━━━━━ EXERCISE MATERIALS

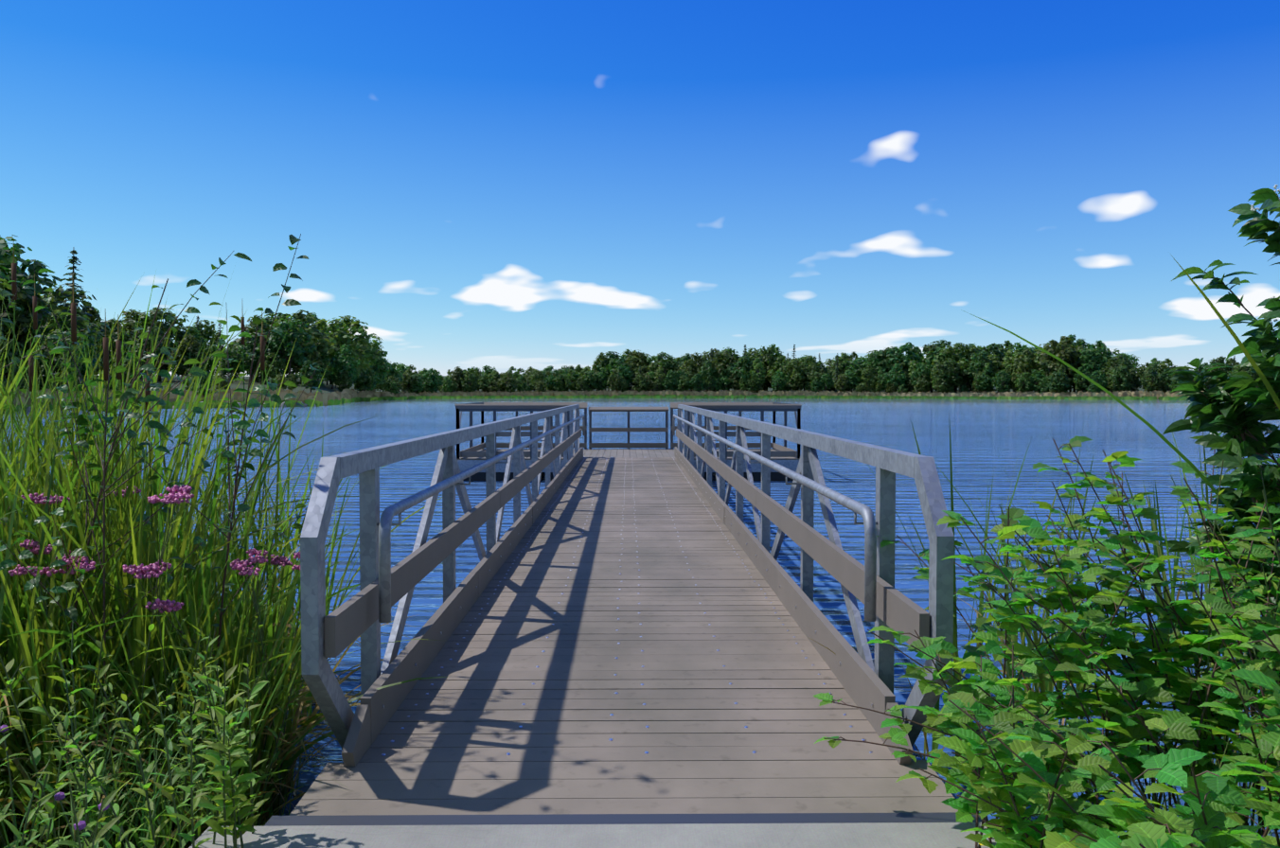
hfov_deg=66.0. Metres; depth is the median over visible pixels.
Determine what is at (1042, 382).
broad tree
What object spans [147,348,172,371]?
broad tree
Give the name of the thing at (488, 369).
broad tree
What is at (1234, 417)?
tree
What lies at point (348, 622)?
gangway rail boards
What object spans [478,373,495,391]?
broad tree
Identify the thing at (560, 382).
broad tree
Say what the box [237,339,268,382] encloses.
broad tree
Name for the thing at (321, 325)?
birch tree
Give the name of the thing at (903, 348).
broad tree
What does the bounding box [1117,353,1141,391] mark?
broad tree
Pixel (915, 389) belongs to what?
broad tree
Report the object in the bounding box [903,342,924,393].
broad tree
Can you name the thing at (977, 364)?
broad tree
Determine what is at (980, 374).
broad tree
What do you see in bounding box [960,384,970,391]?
broad tree
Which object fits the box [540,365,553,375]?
broad tree
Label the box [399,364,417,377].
broad tree
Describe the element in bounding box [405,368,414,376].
broad tree
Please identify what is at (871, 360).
broad tree
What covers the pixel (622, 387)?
broad tree
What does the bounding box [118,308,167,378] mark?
broad tree
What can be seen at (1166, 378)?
broad tree
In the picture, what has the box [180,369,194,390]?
broad tree
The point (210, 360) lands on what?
broad tree
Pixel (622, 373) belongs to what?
broad tree
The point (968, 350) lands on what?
broad tree
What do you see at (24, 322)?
broad tree
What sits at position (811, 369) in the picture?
broad tree
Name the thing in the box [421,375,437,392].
broad tree
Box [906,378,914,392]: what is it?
broad tree
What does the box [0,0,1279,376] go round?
sky
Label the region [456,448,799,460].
platform deck
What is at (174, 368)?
broad tree
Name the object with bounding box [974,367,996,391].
broad tree
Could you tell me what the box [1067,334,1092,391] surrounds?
broad tree
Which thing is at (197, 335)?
broad tree
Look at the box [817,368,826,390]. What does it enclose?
broad tree
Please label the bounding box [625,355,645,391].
broad tree
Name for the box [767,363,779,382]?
birch tree
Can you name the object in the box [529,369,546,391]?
broad tree
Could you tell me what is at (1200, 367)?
broad tree
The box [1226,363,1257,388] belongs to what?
broad tree
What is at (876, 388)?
broad tree
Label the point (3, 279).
broad tree
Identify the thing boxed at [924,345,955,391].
broad tree
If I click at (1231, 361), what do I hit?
broad tree
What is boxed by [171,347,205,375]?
broad tree
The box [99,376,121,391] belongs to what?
broad tree
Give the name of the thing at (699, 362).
broad tree
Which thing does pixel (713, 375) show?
broad tree
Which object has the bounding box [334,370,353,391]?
broad tree
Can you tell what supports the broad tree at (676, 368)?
on the terrain ground at (325, 388)
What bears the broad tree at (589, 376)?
on the terrain ground at (325, 388)
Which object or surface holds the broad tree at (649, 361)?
on the terrain ground at (325, 388)
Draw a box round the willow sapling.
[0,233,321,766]
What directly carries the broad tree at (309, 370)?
on the terrain ground at (325, 388)
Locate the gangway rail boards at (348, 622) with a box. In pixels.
[324,428,929,766]
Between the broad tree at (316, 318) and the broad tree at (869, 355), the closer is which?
the broad tree at (316, 318)
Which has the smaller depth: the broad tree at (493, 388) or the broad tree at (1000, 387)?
the broad tree at (1000, 387)
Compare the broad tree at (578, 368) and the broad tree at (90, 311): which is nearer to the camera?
the broad tree at (90, 311)
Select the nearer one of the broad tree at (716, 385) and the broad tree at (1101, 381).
the broad tree at (1101, 381)
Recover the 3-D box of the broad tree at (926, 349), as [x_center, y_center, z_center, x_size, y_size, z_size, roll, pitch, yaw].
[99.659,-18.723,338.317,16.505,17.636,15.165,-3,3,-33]
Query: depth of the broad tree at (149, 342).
183.79 m
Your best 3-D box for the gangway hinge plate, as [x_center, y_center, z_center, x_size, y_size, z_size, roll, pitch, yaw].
[-0.037,1.250,3.091,2.250,0.020,0.075,0,2,-1]
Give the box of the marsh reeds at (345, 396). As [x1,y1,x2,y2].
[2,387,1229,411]
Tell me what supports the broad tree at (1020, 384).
on the terrain ground at (325, 388)
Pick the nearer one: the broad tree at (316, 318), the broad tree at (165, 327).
the broad tree at (165, 327)
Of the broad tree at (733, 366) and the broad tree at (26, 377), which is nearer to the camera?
the broad tree at (26, 377)
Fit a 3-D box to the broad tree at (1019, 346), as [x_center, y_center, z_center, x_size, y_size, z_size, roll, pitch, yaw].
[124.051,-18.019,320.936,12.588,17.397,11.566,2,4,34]
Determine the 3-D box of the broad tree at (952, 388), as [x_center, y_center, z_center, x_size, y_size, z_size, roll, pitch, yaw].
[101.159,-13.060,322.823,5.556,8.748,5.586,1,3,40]
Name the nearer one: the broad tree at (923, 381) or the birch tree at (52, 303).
the birch tree at (52, 303)
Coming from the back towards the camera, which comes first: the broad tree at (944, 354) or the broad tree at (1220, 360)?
the broad tree at (944, 354)
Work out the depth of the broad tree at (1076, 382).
293.01 m
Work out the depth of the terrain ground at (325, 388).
203.86 m
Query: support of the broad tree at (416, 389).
on the terrain ground at (325, 388)
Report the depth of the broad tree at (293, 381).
156.29 m
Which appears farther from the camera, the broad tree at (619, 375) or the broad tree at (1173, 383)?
the broad tree at (619, 375)
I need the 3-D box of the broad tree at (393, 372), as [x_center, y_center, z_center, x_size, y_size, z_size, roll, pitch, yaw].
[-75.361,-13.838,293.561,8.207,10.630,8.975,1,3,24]
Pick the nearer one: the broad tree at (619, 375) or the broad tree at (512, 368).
the broad tree at (619, 375)
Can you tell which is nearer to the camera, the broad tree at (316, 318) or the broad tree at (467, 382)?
the broad tree at (316, 318)
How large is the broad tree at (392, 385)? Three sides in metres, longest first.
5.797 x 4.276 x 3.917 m
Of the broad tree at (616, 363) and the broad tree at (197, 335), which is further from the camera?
the broad tree at (616, 363)
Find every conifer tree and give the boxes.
[52,249,102,390]
[195,316,204,370]
[212,323,231,377]
[626,360,633,391]
[741,344,746,391]
[831,353,840,392]
[1041,355,1052,392]
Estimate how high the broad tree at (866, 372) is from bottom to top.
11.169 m
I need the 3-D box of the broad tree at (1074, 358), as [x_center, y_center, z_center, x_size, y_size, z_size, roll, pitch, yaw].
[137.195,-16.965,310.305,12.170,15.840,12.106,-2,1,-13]
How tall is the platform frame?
0.250 m
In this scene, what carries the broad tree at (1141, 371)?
on the terrain ground at (325, 388)
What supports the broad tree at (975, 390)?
on the terrain ground at (325, 388)
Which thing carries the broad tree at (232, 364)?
on the terrain ground at (325, 388)
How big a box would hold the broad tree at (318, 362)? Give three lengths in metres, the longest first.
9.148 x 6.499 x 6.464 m
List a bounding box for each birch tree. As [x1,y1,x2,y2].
[39,293,61,338]
[271,313,293,380]
[312,319,333,381]
[464,369,479,385]
[545,384,552,391]
[598,367,607,383]
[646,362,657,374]
[654,365,665,387]
[748,357,765,385]
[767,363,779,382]
[892,360,906,389]
[907,346,921,367]
[907,360,919,385]
[980,363,994,380]
[1002,349,1023,391]
[1010,362,1027,390]
[1057,364,1067,377]
[1149,357,1160,373]
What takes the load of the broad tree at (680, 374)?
on the terrain ground at (325, 388)
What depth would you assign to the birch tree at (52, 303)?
135.90 m
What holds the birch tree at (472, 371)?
on the terrain ground at (325, 388)
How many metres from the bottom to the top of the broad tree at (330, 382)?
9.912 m
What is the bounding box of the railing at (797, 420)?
[456,402,800,459]
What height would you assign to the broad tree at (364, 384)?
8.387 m
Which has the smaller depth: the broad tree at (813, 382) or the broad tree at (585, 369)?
the broad tree at (813, 382)
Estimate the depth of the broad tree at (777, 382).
348.76 m
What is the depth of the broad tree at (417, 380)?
310.74 m
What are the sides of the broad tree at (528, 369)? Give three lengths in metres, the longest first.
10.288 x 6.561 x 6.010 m
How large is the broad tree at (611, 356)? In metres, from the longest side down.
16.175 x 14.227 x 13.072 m
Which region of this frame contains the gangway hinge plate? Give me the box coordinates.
[264,812,985,826]
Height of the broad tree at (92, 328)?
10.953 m
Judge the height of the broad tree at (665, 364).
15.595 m
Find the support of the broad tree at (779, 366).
on the terrain ground at (325, 388)
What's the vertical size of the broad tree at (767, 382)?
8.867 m
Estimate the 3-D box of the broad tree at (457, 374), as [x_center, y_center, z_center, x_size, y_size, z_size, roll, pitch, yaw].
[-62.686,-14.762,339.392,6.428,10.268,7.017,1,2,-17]
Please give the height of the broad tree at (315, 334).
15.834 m
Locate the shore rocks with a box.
[26,401,323,411]
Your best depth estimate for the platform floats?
20.63 m
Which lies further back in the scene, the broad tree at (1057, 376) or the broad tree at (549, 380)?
the broad tree at (549, 380)
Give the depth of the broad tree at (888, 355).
343.05 m
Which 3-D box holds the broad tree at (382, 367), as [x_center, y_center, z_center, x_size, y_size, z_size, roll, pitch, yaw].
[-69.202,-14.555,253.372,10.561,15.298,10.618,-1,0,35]
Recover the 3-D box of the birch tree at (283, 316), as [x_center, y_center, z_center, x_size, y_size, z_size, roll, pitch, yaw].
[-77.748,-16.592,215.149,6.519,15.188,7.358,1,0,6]
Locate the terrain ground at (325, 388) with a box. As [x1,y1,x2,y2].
[10,374,1261,840]
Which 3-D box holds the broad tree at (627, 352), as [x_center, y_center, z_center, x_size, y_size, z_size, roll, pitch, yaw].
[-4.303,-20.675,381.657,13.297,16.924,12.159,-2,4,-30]
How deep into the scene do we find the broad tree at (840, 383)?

━━━━━━━━━━

**ACTION ITEM**
Each line in the entries above that includes the string "longest" should be extracted.

**EXERCISE RESULT**
How large is the broad tree at (392, 385)? Three sides in metres, longest first.
How big a box would hold the broad tree at (318, 362)? Give three lengths in metres, the longest first.
What are the sides of the broad tree at (528, 369)? Give three lengths in metres, the longest first.
How large is the broad tree at (611, 356)? In metres, from the longest side down.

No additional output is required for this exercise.